Dans l’histoire des peuples, rares sont des documents qui ont joué un rôle prépondérant sur la destinée de ces derniers. On peut citer, la déclaration des droits de l’homme et du citoyen ou encore la Constitution des Etats-Unis. Mais ces derniers n’auraient jamais vu le jour sans La déclaration d’indépendance des USA de 1776.
Avant de parler de la déclaration elle-même, de ces qualités littéraires, de ses sources, et de ses influences, il convient de rectifier un lieu commun, celui qui veut que la déclaration date du 4 juillet 1776. En fait, le congrès continental adopta, le 2 juillet 1776, la résolution d’indépendance et celle-ci ne fut signée que le 2 août !
Ayant ainsi fait justice à l’histoire et corrigé ce révisionnisme, abordons le cœur du sujet.
Analysons d’abord l’intitulé : DECLARATION d’indépendance.
Déclarer une chose, c’est la dire publiquement ! la faire entendre au monde ! telle fut l’ambition de Jefferson, le rédacteur du texte…MAIS, et je reviendrai dessus ultérieurement, il faut parler de rédacteur au pluriel !… Cette « déclaration » qui est plus qu’un simple instrument rhétorique est une véritable posture philosophique, posant les bases d’un universalisme qui n’aura cesse d’être repris par les peuples épris de liberté !
Thomas Jefferson lance un appel au monde afin de légitimer les prétentions d’indépendance des 13 colonies.
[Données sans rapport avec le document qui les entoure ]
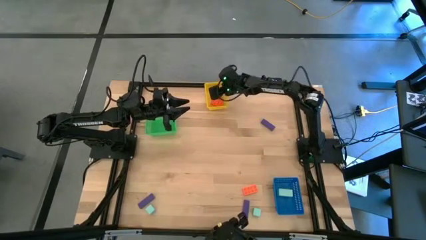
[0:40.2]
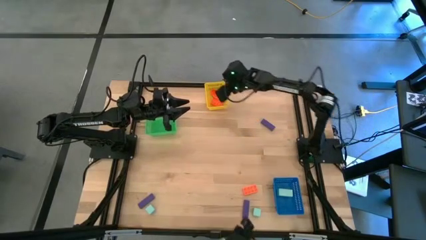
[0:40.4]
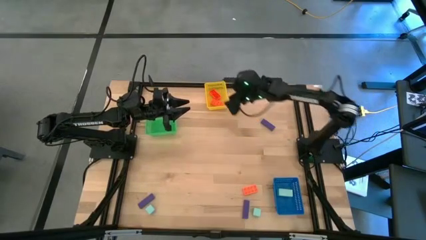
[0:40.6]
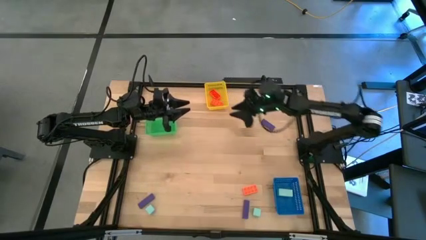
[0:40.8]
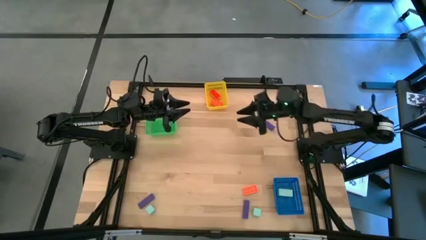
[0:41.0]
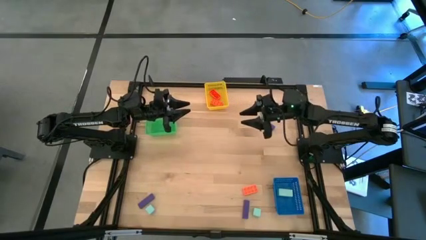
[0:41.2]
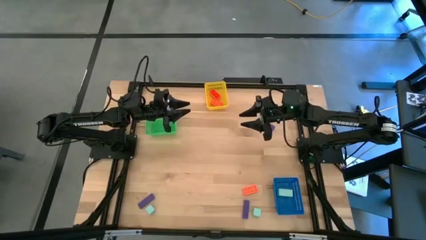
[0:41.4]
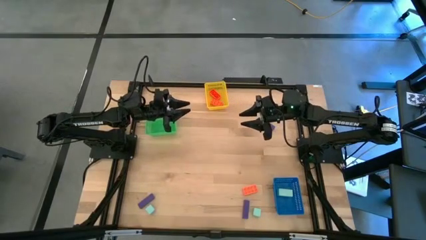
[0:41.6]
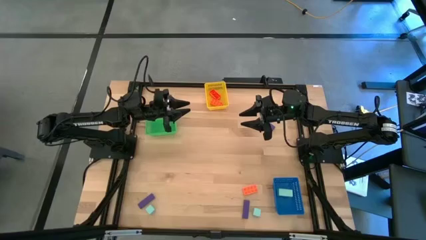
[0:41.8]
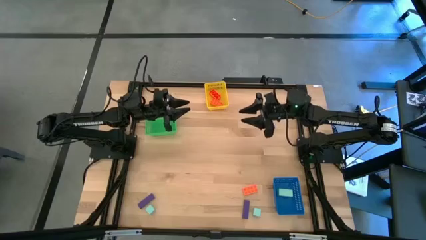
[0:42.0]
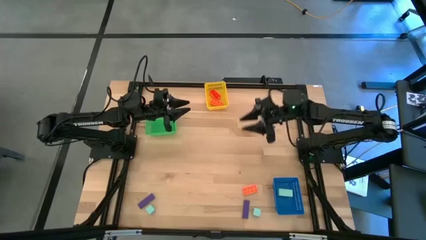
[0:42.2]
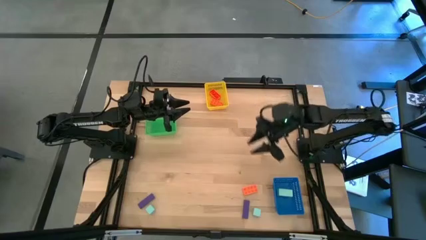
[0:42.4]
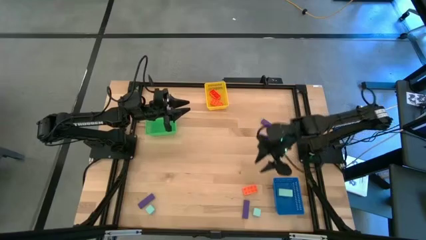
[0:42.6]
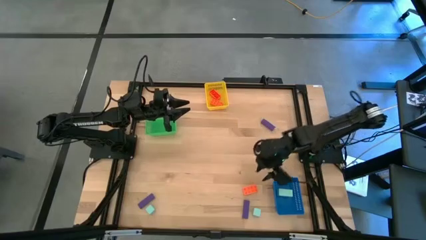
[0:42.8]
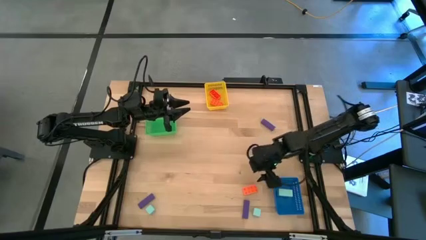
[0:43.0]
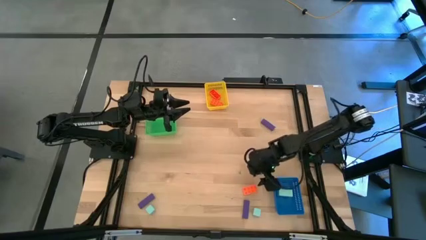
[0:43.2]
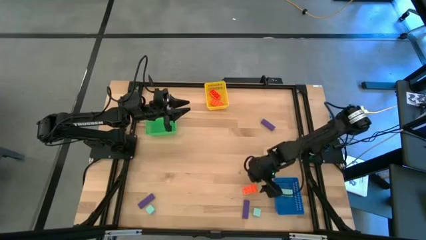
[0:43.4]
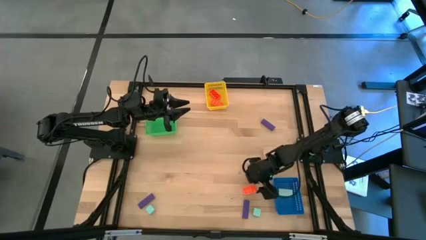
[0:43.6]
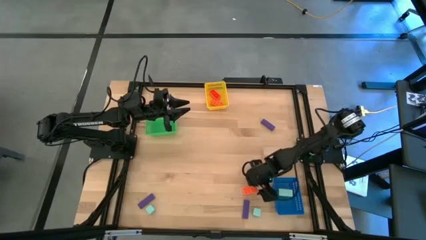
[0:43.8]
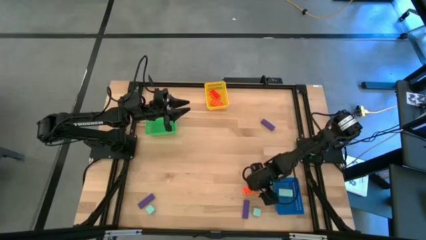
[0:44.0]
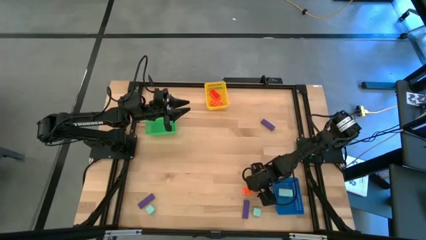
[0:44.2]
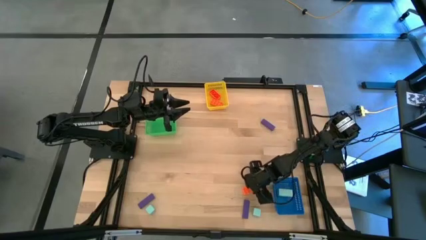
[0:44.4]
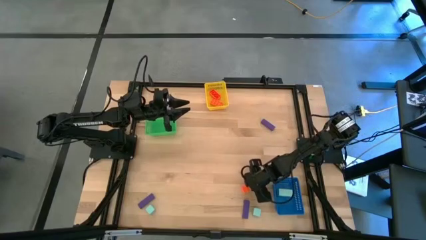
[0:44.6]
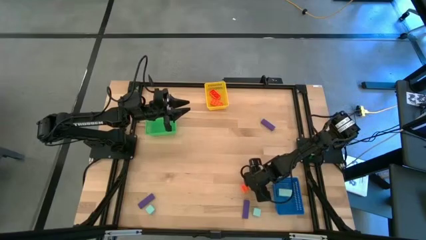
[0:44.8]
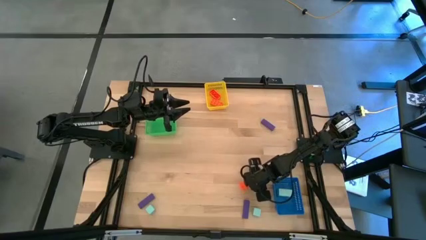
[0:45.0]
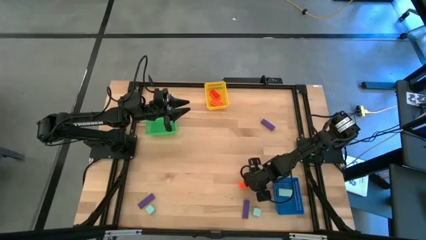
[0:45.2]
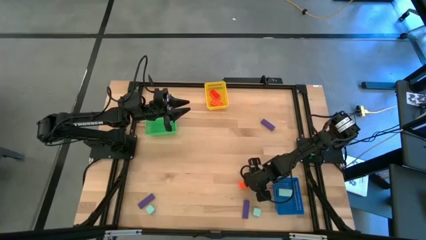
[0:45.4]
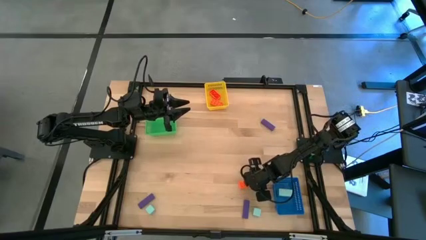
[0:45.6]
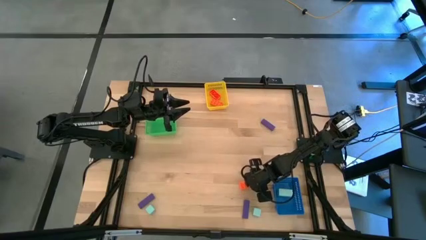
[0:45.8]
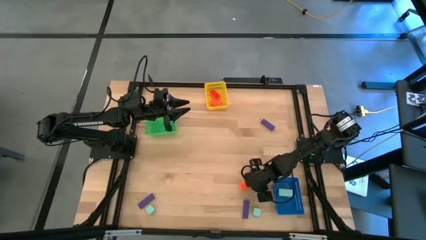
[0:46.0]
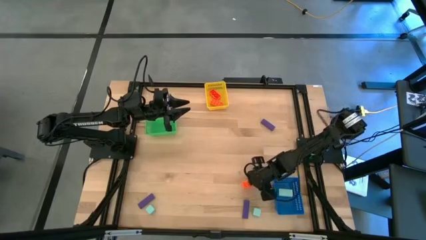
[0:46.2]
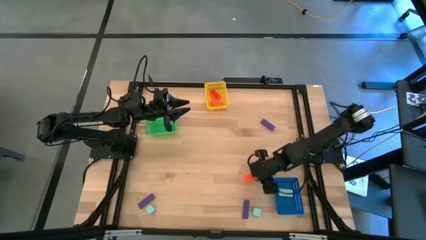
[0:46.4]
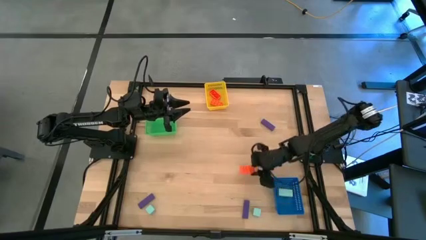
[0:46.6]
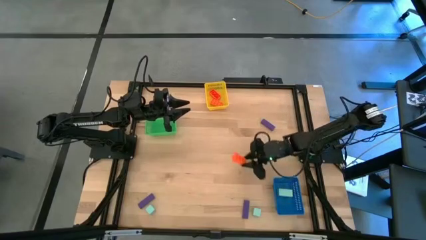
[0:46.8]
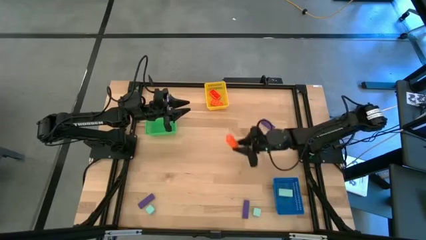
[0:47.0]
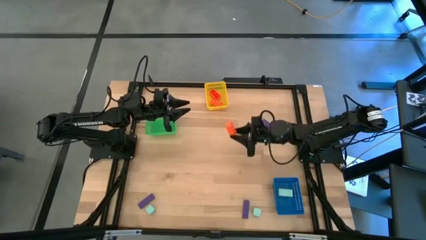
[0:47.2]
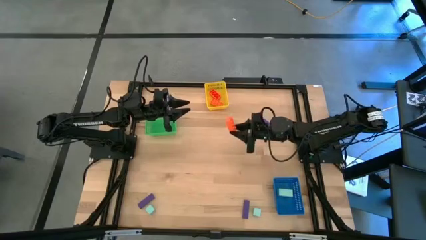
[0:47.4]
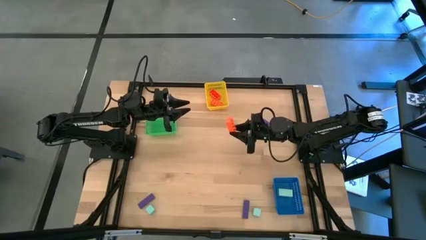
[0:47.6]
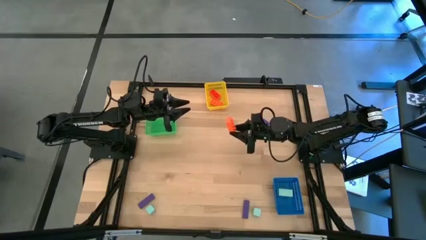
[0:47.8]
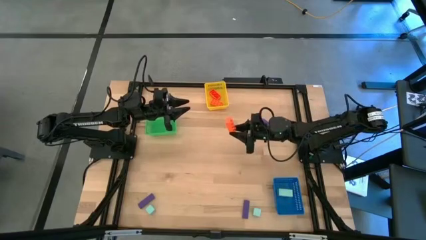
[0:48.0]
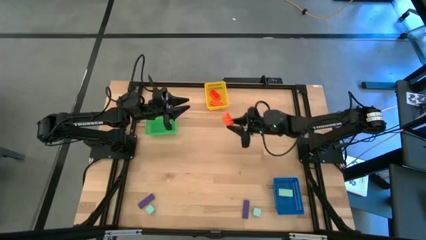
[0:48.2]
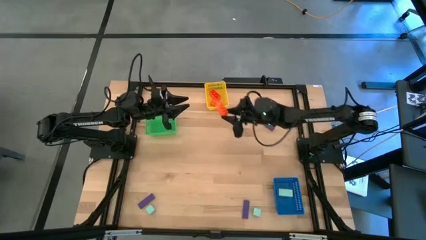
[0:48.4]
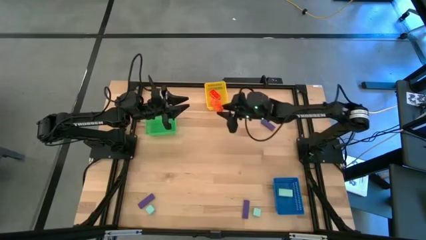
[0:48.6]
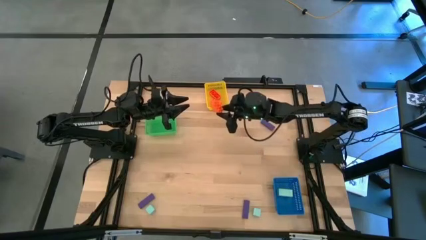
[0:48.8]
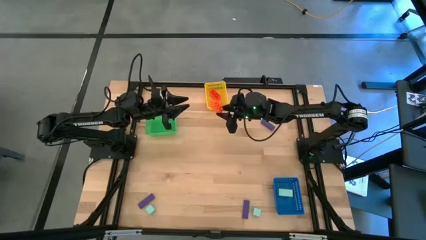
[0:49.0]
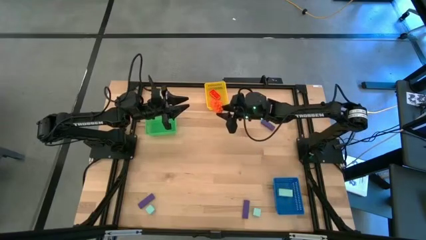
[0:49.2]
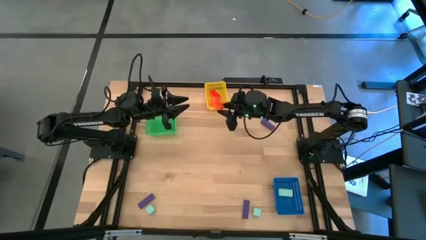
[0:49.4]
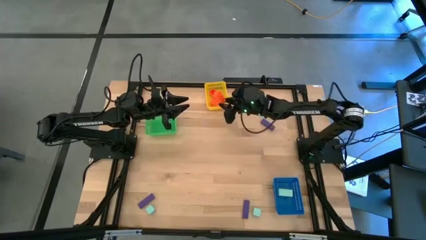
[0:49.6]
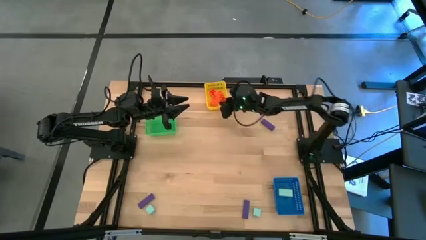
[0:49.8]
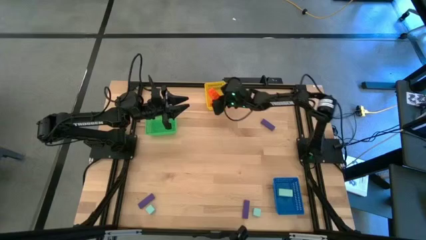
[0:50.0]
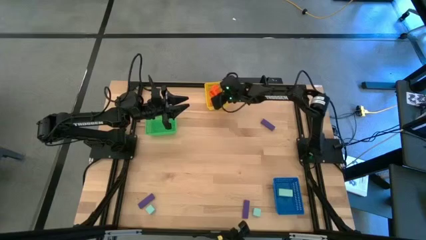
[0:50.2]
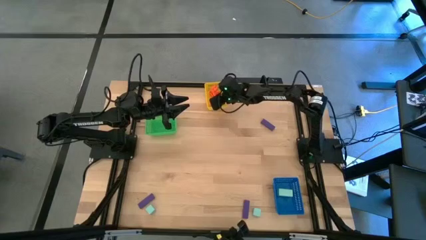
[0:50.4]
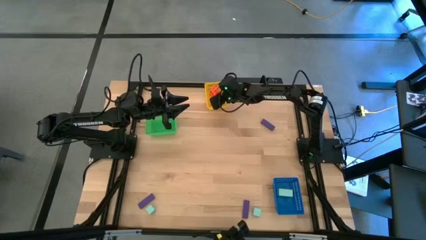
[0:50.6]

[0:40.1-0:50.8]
Task: Sort & place blocks by color
Put the orange game piece into the yellow bin

Pour Heidegger, dans son texte sur l’acheminement de la parole, « l’appel rend ce qu’il appelle plus proche… l’appel appelle à venir ». En déclarant publiquement l’indépendance, la justification et la légitimité se confondent et en fait une évidence, mais Jefferson le dit mieux que moi : We hold these Truths to be self-evident, that all men are created equal, that they are endowed by their Creator with certain unalienable Rights, that among these are Life, Liberty and the pursuit of Happiness.
Le texte lui-même !
Il y aurait tant de choses à dire sur ses sources et ses influences.
A propos de ses sources d’abord, Jefferson pourrait répondre comme répondit l’homme possédé à Jésus : mon nom est légion car nous sommes nombreux !
On pourrait invoquer d’abord le jus naturalis ! Ce natuurrecht si cher aux philosophes des lumières !
On pourrait invoquer ensuite le courant transcendantaliste, avec Thoreau et Emerson, ou bien Rousseau et sa théorie de contrat social.
Mais je n’aime pas INVOQUER ! l’invocation sous-entend l’appel, la prière à des puissances supérieures qui s’auto légitiment : on invoque Dieu ! et qui rappelle une analyse sociocritique à la Lukacs ou Goldmann !
L’invocation, qui est de l’ordre mystique n’est point propre à l’analyse d’un texte, de quelque ordre qu’il soit.
Je ne vais pas pour autant essayer de saisir l’œuvre dans son Dict, dans sa pure présence (cela nous porterait trop loin), mais uniquement montrer, voire démontrer, comment cette déclaration est proprement américaine, non pas au plan social, mais au niveau de son essence même, et pour ce faire, je vais isoler un terme, qui, je crois, se trouve être le nœud gordien de la déclaration ! Je ne suis pas Alexandre, mais je vais tout de même essayer de le trancher !… et ce terme est : Divine Providence !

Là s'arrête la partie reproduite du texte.